START Data records
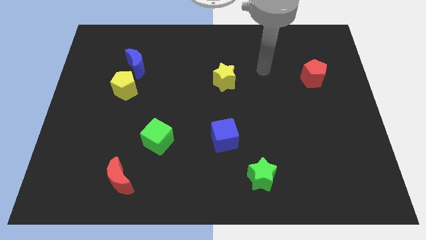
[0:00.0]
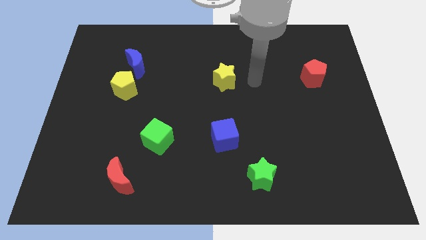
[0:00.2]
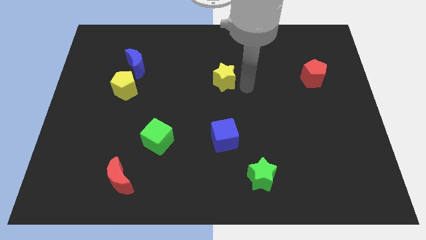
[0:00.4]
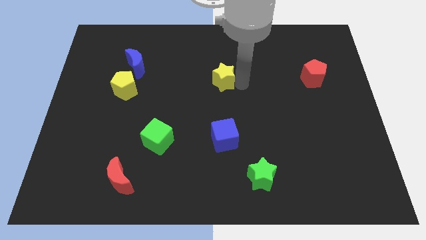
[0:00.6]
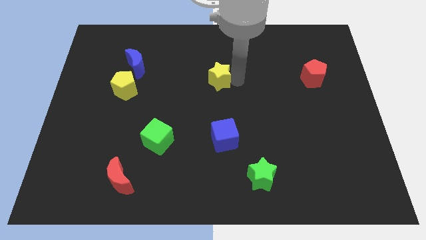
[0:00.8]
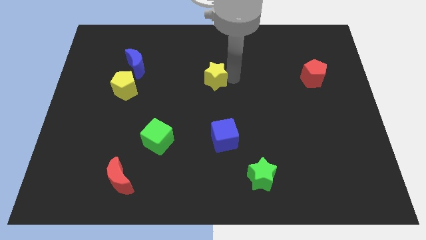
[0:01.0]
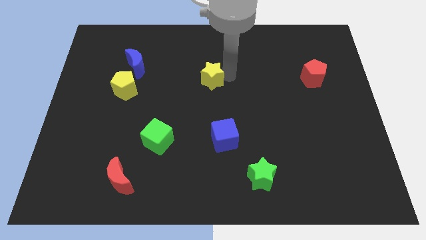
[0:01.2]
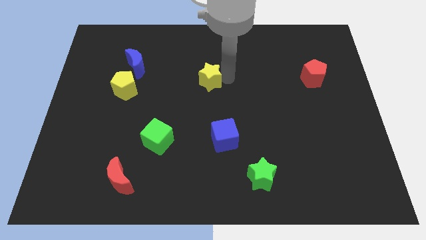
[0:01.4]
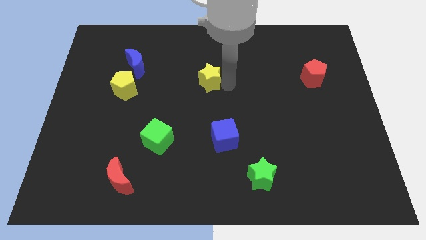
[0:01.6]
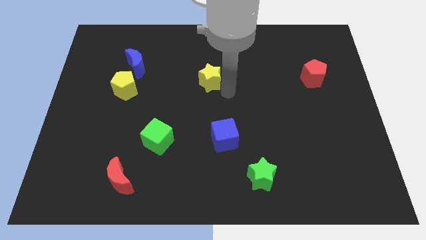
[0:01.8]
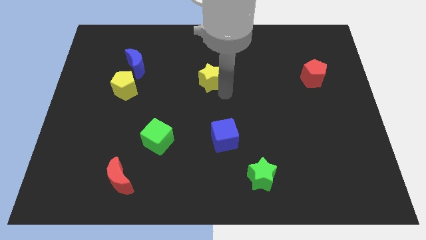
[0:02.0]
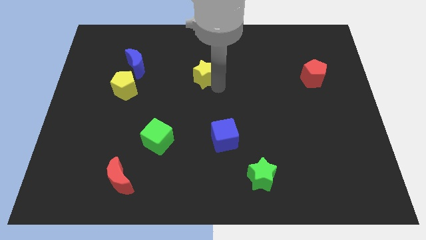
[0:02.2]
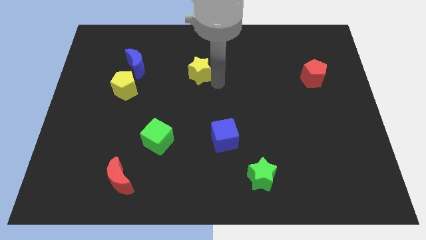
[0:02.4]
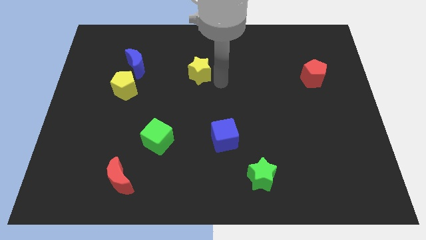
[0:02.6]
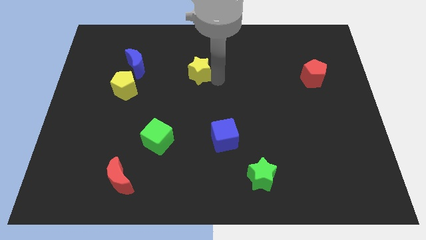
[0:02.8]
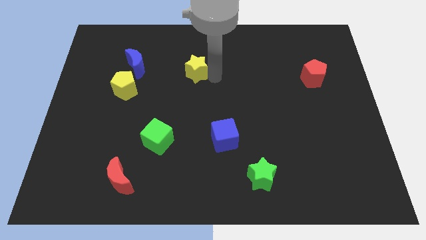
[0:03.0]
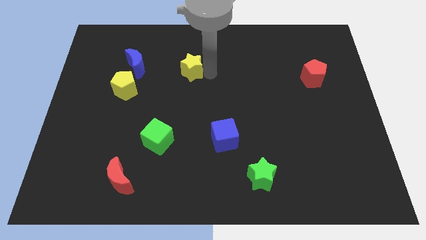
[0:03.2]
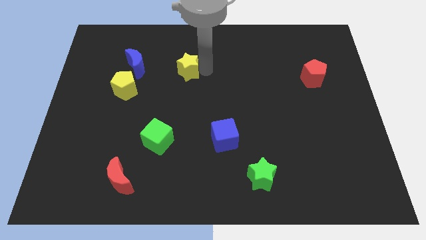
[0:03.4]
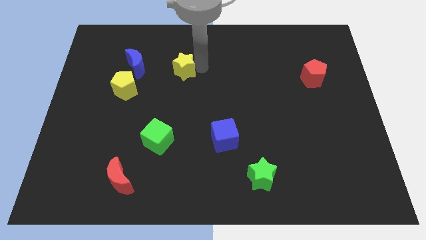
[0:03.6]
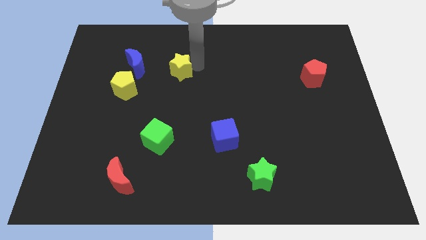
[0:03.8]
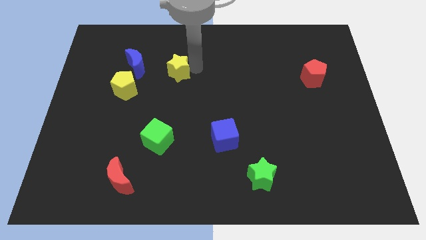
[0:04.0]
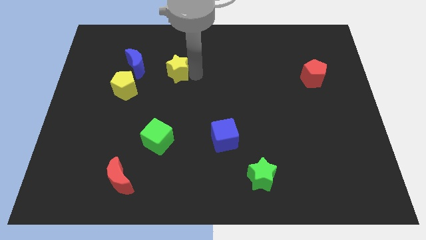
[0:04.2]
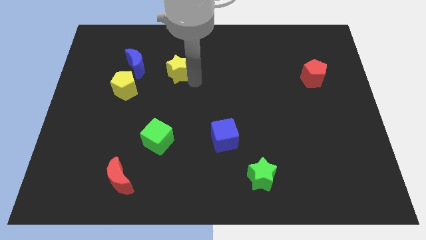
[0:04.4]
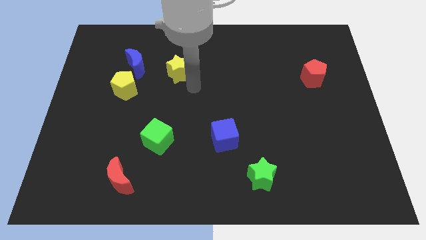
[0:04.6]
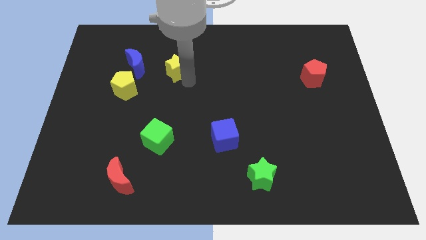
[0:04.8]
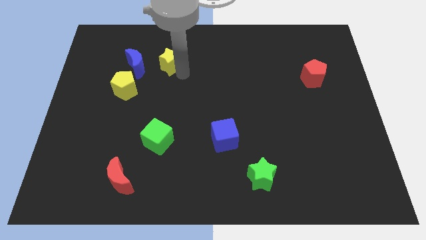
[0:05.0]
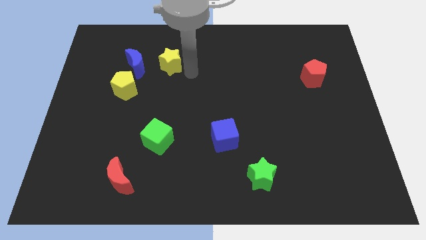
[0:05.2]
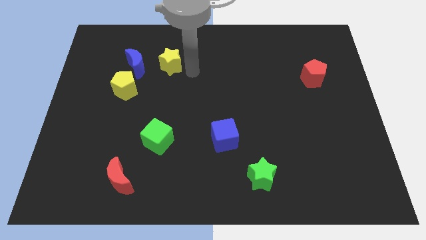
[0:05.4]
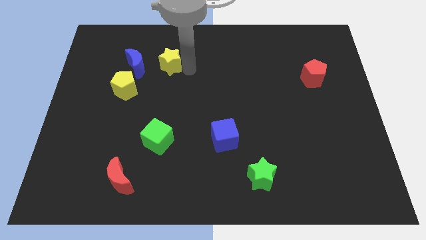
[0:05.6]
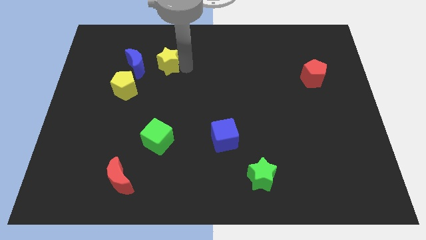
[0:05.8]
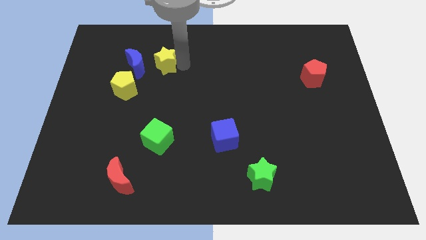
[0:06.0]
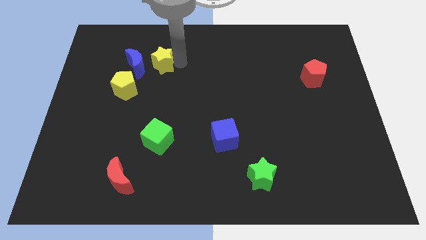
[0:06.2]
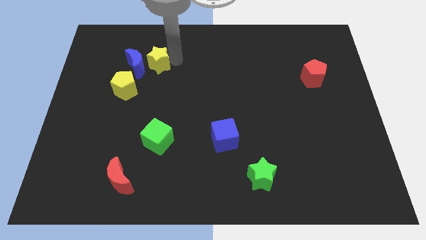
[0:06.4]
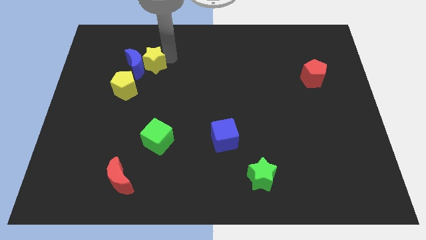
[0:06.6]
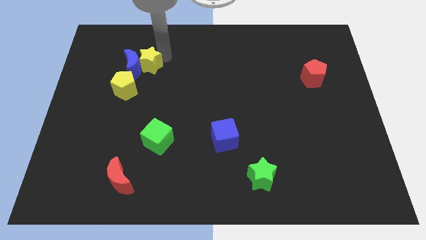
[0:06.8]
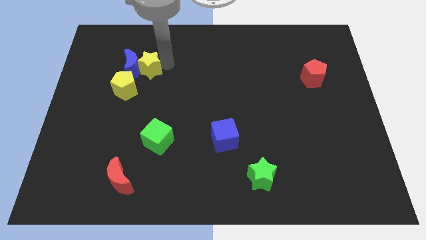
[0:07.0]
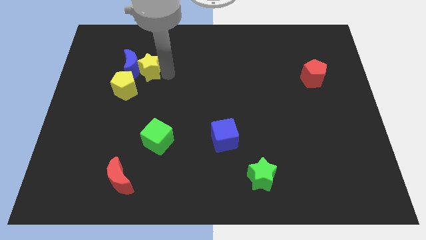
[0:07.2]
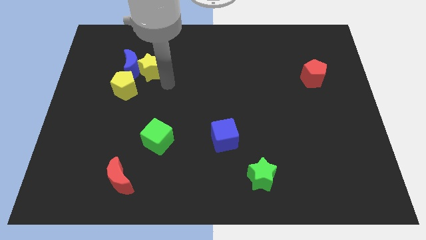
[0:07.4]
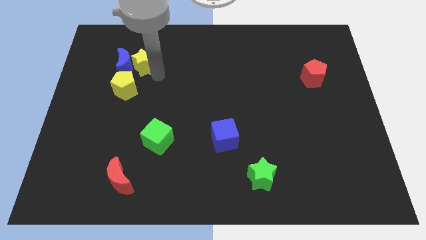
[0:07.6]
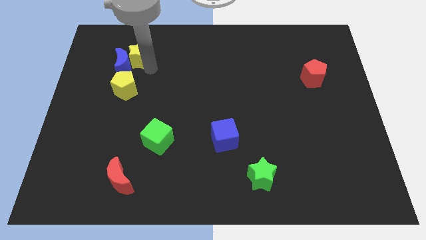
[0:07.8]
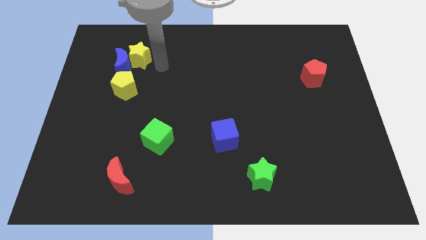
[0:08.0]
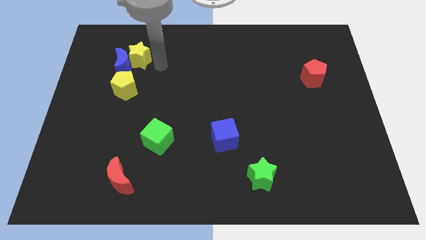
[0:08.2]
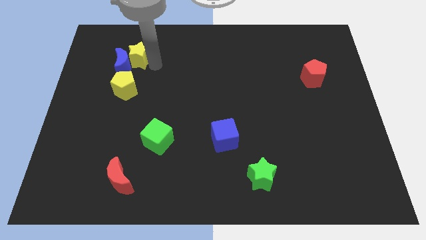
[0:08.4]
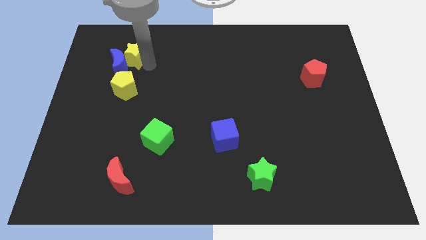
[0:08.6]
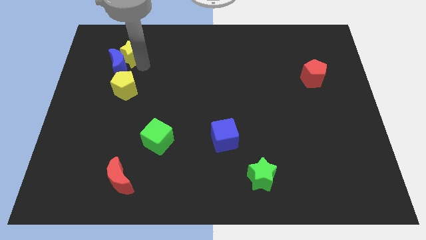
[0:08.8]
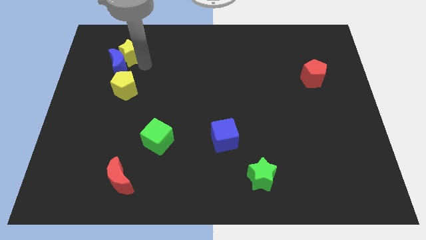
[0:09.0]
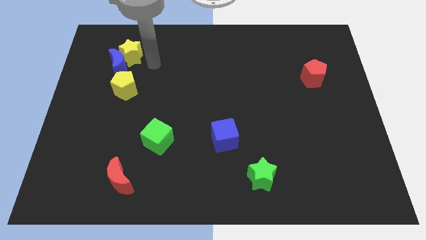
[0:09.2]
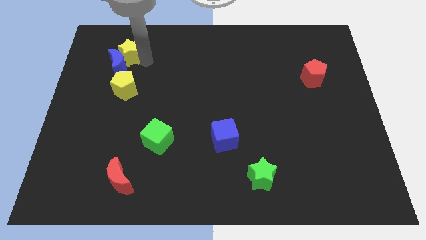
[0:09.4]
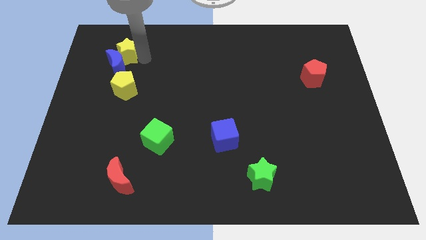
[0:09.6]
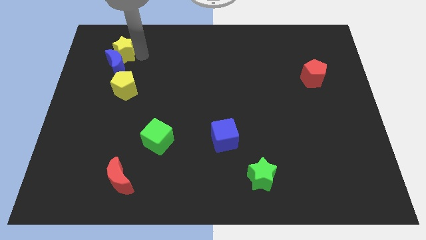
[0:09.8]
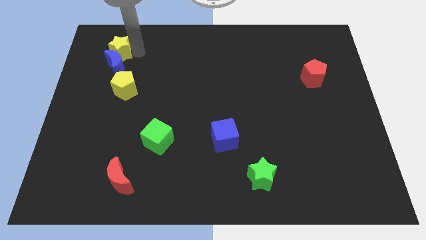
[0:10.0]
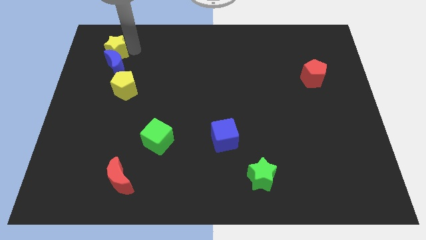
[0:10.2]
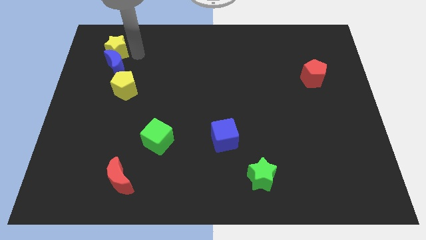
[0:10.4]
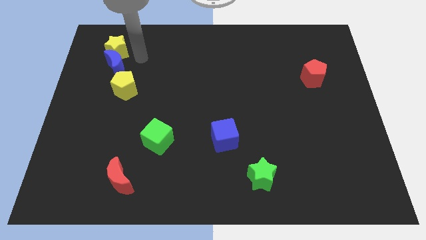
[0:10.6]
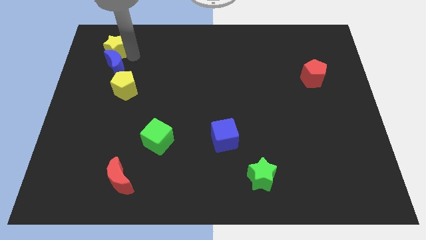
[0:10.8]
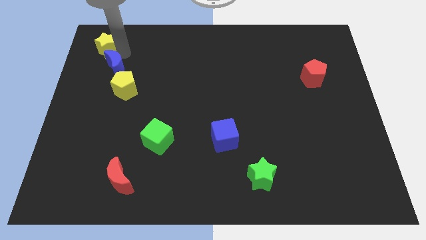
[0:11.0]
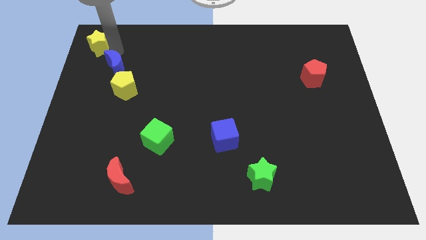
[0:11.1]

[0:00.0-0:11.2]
slide the yellow star to the upper left corner
END Data records
_What is required:_ Leave out the images and copy every record above exactly.

_Expected answer:_
[0:00.0]
[0:00.2]
[0:00.4]
[0:00.6]
[0:00.8]
[0:01.0]
[0:01.2]
[0:01.4]
[0:01.6]
[0:01.8]
[0:02.0]
[0:02.2]
[0:02.4]
[0:02.6]
[0:02.8]
[0:03.0]
[0:03.2]
[0:03.4]
[0:03.6]
[0:03.8]
[0:04.0]
[0:04.2]
[0:04.4]
[0:04.6]
[0:04.8]
[0:05.0]
[0:05.2]
[0:05.4]
[0:05.6]
[0:05.8]
[0:06.0]
[0:06.2]
[0:06.4]
[0:06.6]
[0:06.8]
[0:07.0]
[0:07.2]
[0:07.4]
[0:07.6]
[0:07.8]
[0:08.0]
[0:08.2]
[0:08.4]
[0:08.6]
[0:08.8]
[0:09.0]
[0:09.2]
[0:09.4]
[0:09.6]
[0:09.8]
[0:10.0]
[0:10.2]
[0:10.4]
[0:10.6]
[0:10.8]
[0:11.0]
[0:11.1]

[0:00.0-0:11.2]
slide the yellow star to the upper left corner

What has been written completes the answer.